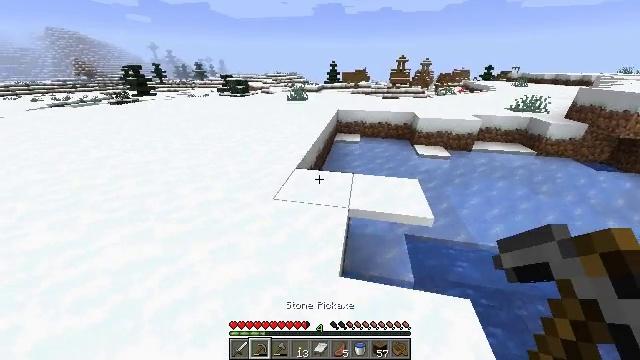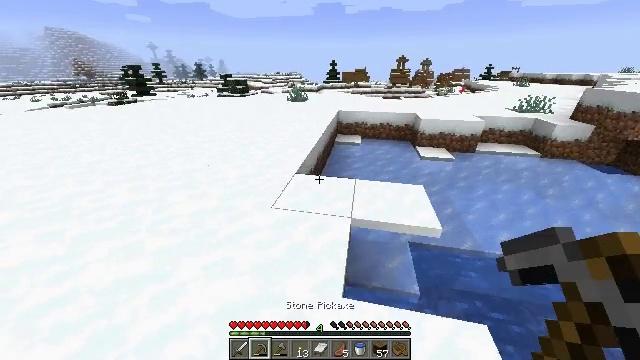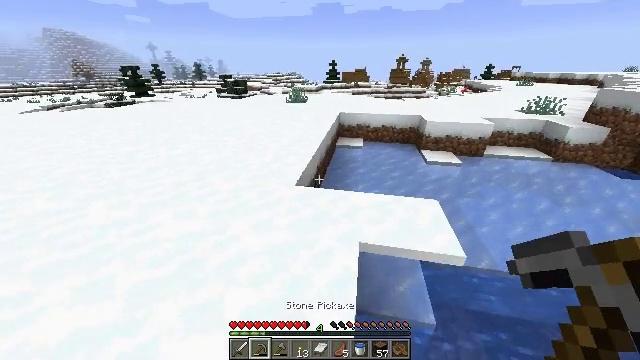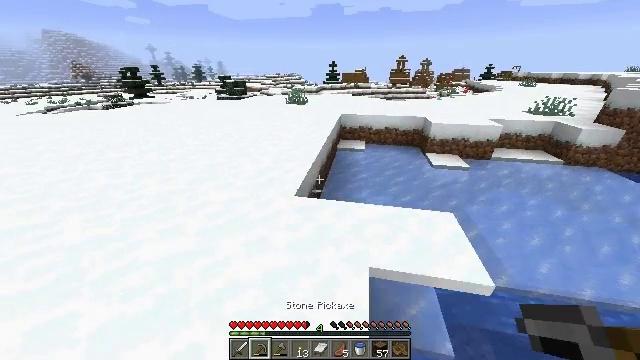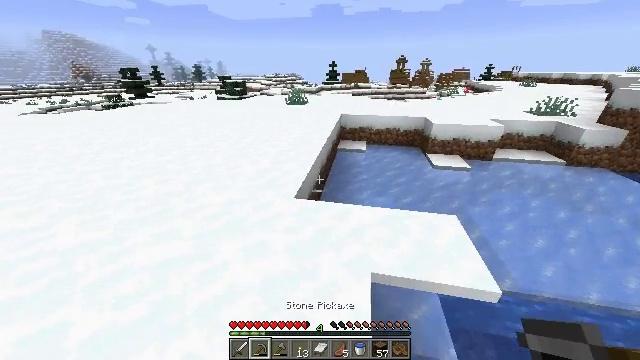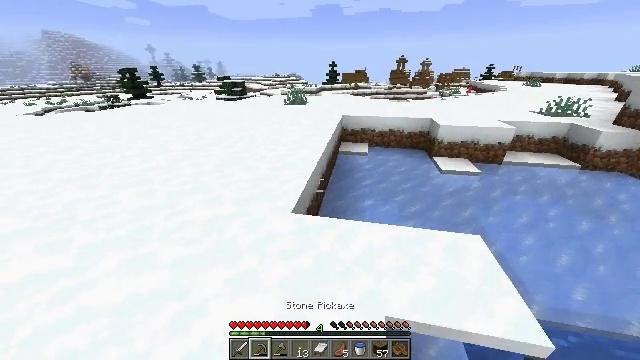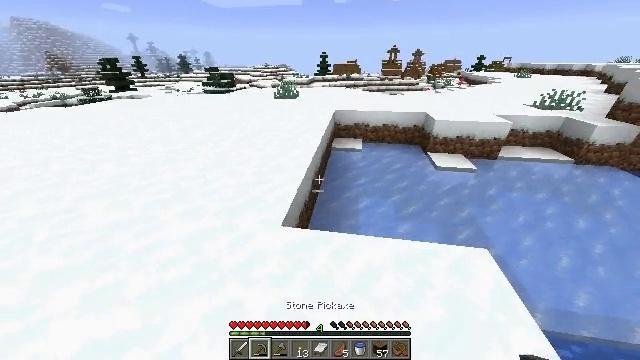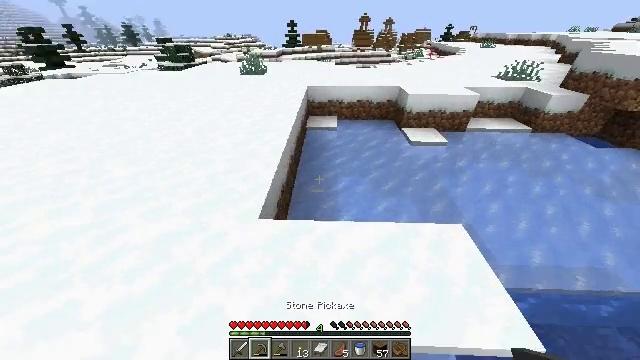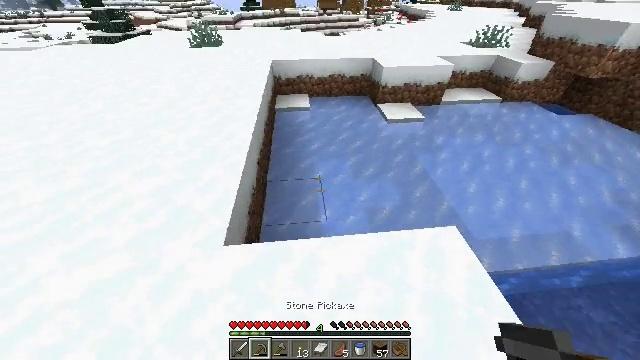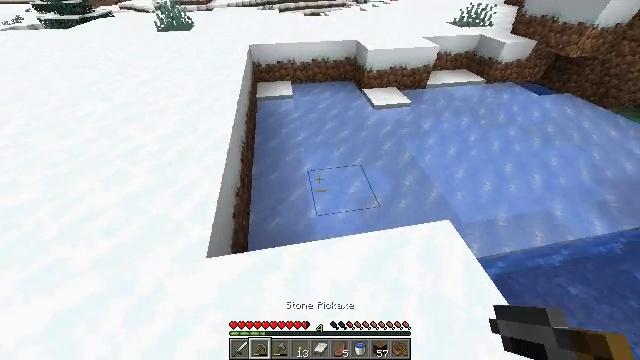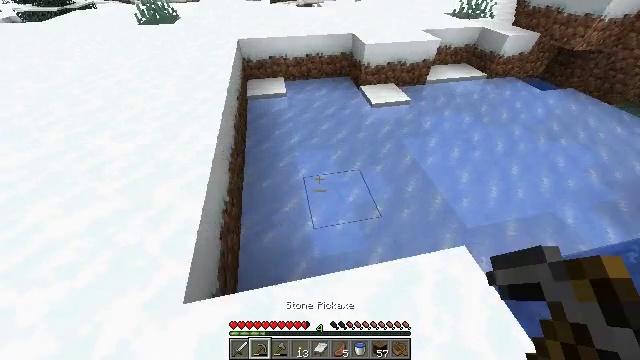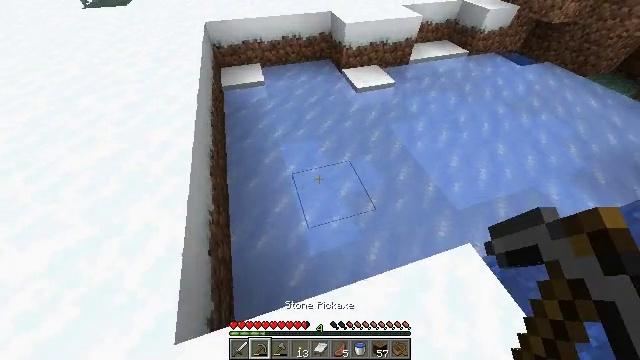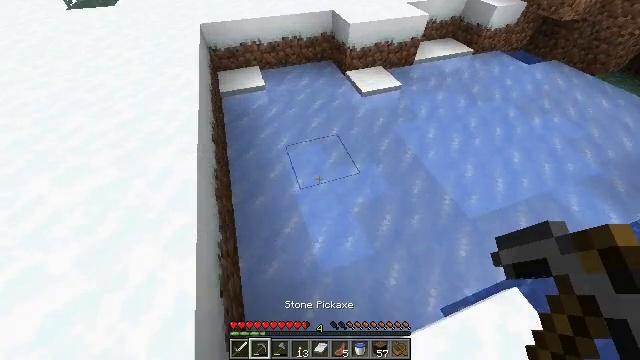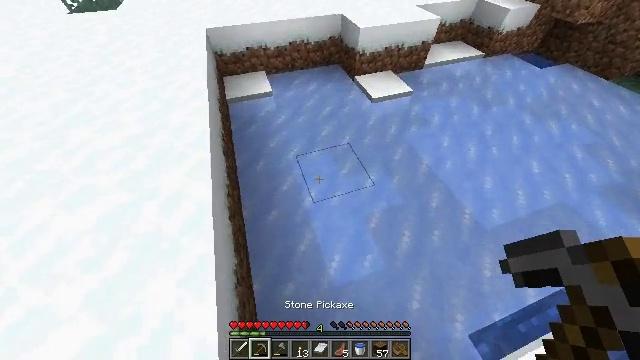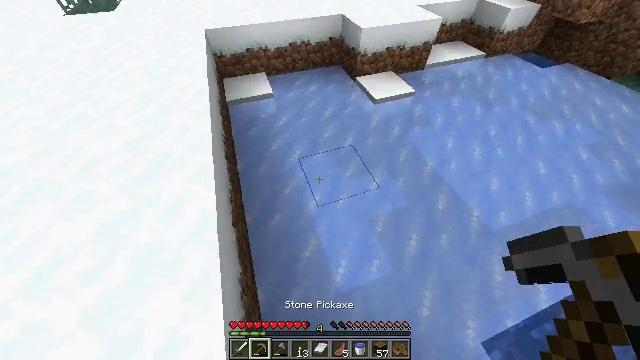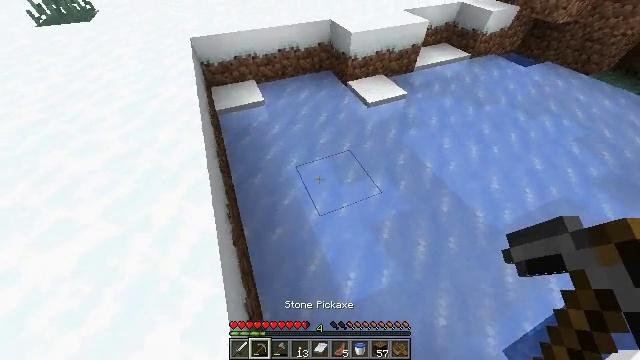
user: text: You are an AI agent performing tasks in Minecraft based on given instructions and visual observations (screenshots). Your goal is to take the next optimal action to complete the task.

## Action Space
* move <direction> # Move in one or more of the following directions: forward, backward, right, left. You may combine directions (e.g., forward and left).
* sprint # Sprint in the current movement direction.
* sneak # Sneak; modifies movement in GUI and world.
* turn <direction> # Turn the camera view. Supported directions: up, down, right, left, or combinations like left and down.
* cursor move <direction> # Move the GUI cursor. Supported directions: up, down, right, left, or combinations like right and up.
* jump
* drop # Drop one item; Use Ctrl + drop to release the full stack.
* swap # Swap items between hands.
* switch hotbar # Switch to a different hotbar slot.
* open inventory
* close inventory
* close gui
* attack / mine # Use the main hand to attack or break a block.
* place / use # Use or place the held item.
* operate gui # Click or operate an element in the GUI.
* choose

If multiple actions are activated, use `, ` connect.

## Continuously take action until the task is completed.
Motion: motion action
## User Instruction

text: Collect the poppy by clicking on it.
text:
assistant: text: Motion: move forward
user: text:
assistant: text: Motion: move forward
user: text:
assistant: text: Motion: move forward
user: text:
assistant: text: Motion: move forward
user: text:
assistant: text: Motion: move forward
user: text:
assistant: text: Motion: move forward, turn right and down
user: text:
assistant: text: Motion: move forward, turn right and down
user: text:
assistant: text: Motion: move forward, turn right and down
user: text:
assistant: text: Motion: move forward, turn right and down
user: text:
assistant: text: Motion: move forward, turn right and down
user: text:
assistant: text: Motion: move forward and move left, turn right and down
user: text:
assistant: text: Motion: move forward and move left, turn right
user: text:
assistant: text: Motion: move forward and move left
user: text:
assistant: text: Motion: move forward and move left
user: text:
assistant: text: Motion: move forward and move left, turn right and up
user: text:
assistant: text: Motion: move forward and move left, turn right
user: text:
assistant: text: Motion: move forward and move left, turn right
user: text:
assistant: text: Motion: move forward and move left, turn up
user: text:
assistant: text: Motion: move forward and move left, turn up
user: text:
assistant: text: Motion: move forward and move left, turn up
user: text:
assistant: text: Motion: move forward and move left, turn left and up
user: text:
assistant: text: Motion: move forward and move left, turn left and up
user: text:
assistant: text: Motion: move forward and move left, turn left and up
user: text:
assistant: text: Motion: move forward and move left, turn left and up
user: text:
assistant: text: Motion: move forward and move left, turn left and up
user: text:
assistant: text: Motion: move forward and move left
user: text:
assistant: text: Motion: move forward
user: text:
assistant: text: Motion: move forward
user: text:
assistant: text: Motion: move forward
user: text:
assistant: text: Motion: move forward

### TASK GOAL
Every line holding the word "take" should be copied out of the records above.

### TASK RESPONSE
user: text: You are an AI agent performing tasks in Minecraft based on given instructions and visual observations (screenshots). Your goal is to take the next optimal action to complete the task.
## Continuously take action until the task is completed.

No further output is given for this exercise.